Check whether the email domain appears in ransomware victim lists.
| Requires key | No |
| Default | On |
| Scope | Domain-level signal |
| Status | Implemented |
This module is free, requires no API key, and skips free email providers. It correlates the target domain against ransomware victim lists sourced from ransomware.live and ransomlook.io.
Finding shape:
{
"platform": "RansomwareIntel",
"source": "ransomware_intel",
"signal_type": "ransomware_victim_domain",
"confidence": "medium",
"severity": "high",
"metadata": {
"domain": "example.com",
"group_name": "Example Gang",
"attack_date": "2025-01-01",
"note": "Domain-level victim signal"
}
}Module metadata:
{
"domain_checked": "example.com",
"victim_found": true,
"ransomware_group": "Example Gang",
"attack_date": "2025-01-01",
"is_free_provider": false
}Check if the email address appears in known data breaches via the HaveIBeenPwned v3 API.
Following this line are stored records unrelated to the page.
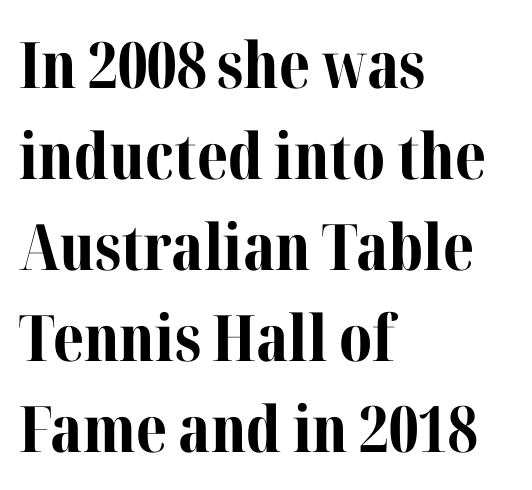
{"serif": "yes", "italic": "no", "bold": "yes", "weight": "bold", "width": "normal", "stroke_contrast": "medium", "x_height": "medium", "monospaced": "no", "underline": "no", "align": "left", "line_spacing": "normal", "line_spacing_ratio": 1.42, "letter_spacing": "normal", "letter_spacing_em": 0.0, "glyph_px": 64}
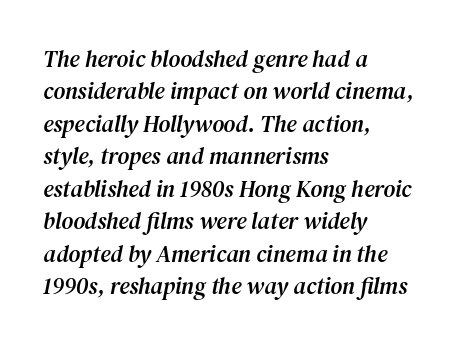
The rendering anchors every line to the left-hand side. Vertically, the passage feels balanced, rows spaced as you'd expect. Is the letter spacing exaggerated? No — it looks like the ordinary default. Beneath every word, the page is bare. Characters are canted at an angle relative to the baseline's perpendicular.
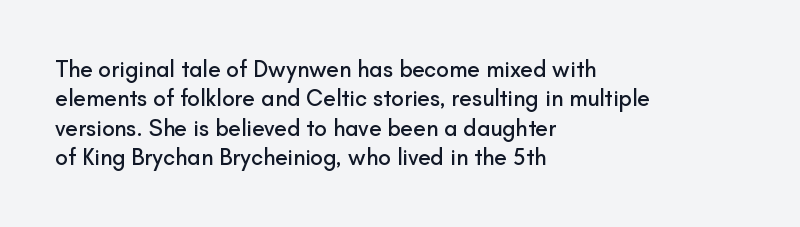
{"italic": "no", "underline": "no", "align": "left", "line_spacing": "normal", "line_spacing_ratio": 1.28, "letter_spacing": "normal", "letter_spacing_em": 0.0, "glyph_px": 23}
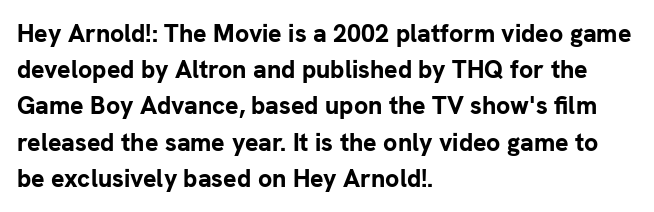
The image shows 25 px bold type, upright; set left-aligned, normal line spacing (1.45x), normal letter spacing, not underlined.
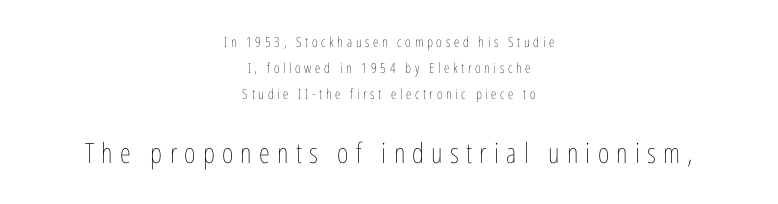
{"italic": "no", "bold": "no", "weight": "thin", "width": "condensed", "stroke_contrast": "low", "x_height": "medium", "monospaced": "no", "underline": "no", "align": "center", "line_spacing_ratio": 1.87, "letter_spacing": "wide", "letter_spacing_em": 0.26, "larger_block": "second", "size_ratio": 2.0, "glyph_px": 28}
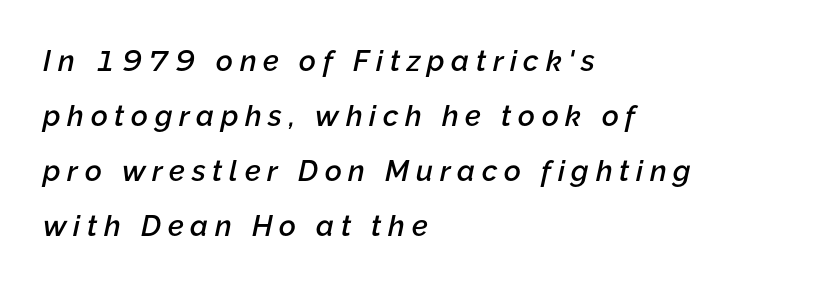
Q: Is the text bold? A: Semi-bold.
Q: Is the text italic (slanted)? A: Yes, it leans right by about 12 degrees.
Q: Is the text underlined? A: No.
Q: How is the paragraph aligned? A: Left-aligned.
Q: Is the spacing between letters normal or unusually wide? A: Unusually wide.
Q: Is the spacing between lines tight, normal or loose? A: Loose.
Q: Width (condensed, normal, or wide)? A: Normal.
Q: Stroke contrast? A: Low.
Q: x-height? A: Medium.
Q: Monospaced? A: No.
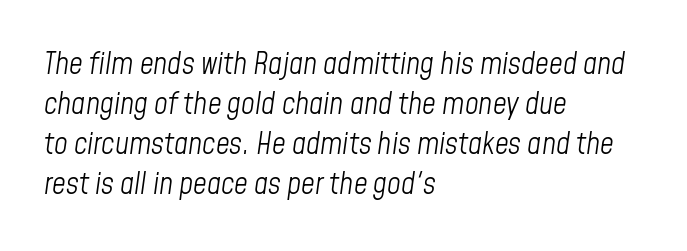
The image shows 30 px light, condensed type, italic (leaning right); set left-aligned, normal line spacing (1.33x), normal letter spacing, not underlined; low stroke contrast and a medium x-height.
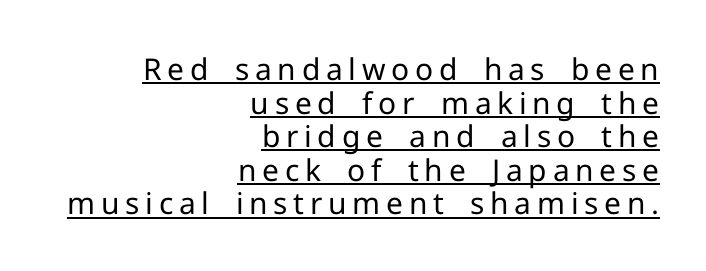
{"serif": "no", "italic": "no", "bold": "no", "weight": "regular", "width": "normal", "stroke_contrast": "low", "x_height": "medium", "monospaced": "no", "underline": "yes", "align": "right", "line_spacing": "tight", "line_spacing_ratio": 1.12, "glyph_px": 30}
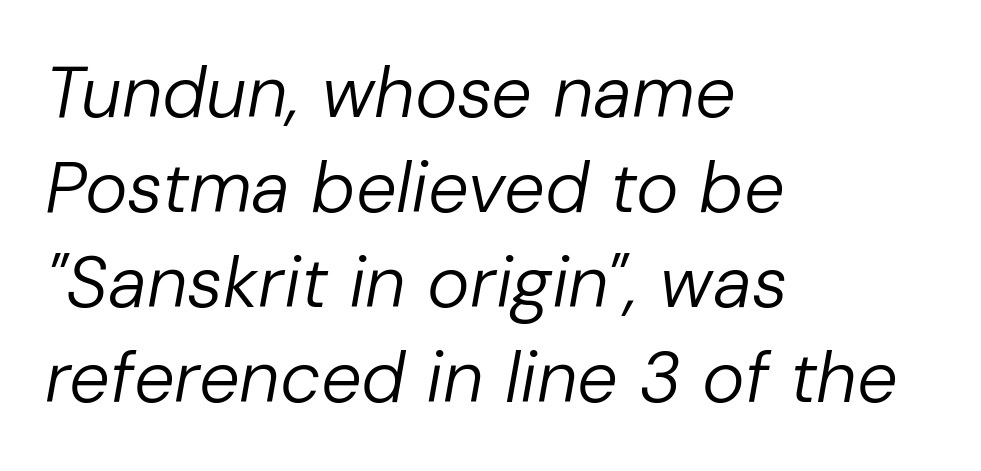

| Requires key | Yes — HIBP_API_KEY |
| Status | Implemented |
Findings schema (one per breach):
{
"platform": "HaveIBeenPwned",
"url": "https://haveibeenpwned.com/PwnedWebsites#Adobe",
"metadata": {
"name": "Adobe",
"domain": "adobe.com",
"breach_date": "2013-10-04",
"description": "...",
"data_classes": ["Email addresses", "Passwords"],
"is_sensitive": false,
"is_verified": true,
"pwn_count": 152445165,
"severity": "critical"
},
"confidence": "high"
}Severity is derived from data_classes: critical if passwords or financial data are present, high if phone numbers or addresses, medium otherwise.
Module metadata:
{
"total_breaches": 3,
"breach_dates": "2013-10-04 to 2023-01-01",
"most_critical_breach": "Adobe",
"all_data_classes": ["Email addresses", "Passwords"]
}Query EmailRep.io for a reputation score, risk flags, and linked profiles.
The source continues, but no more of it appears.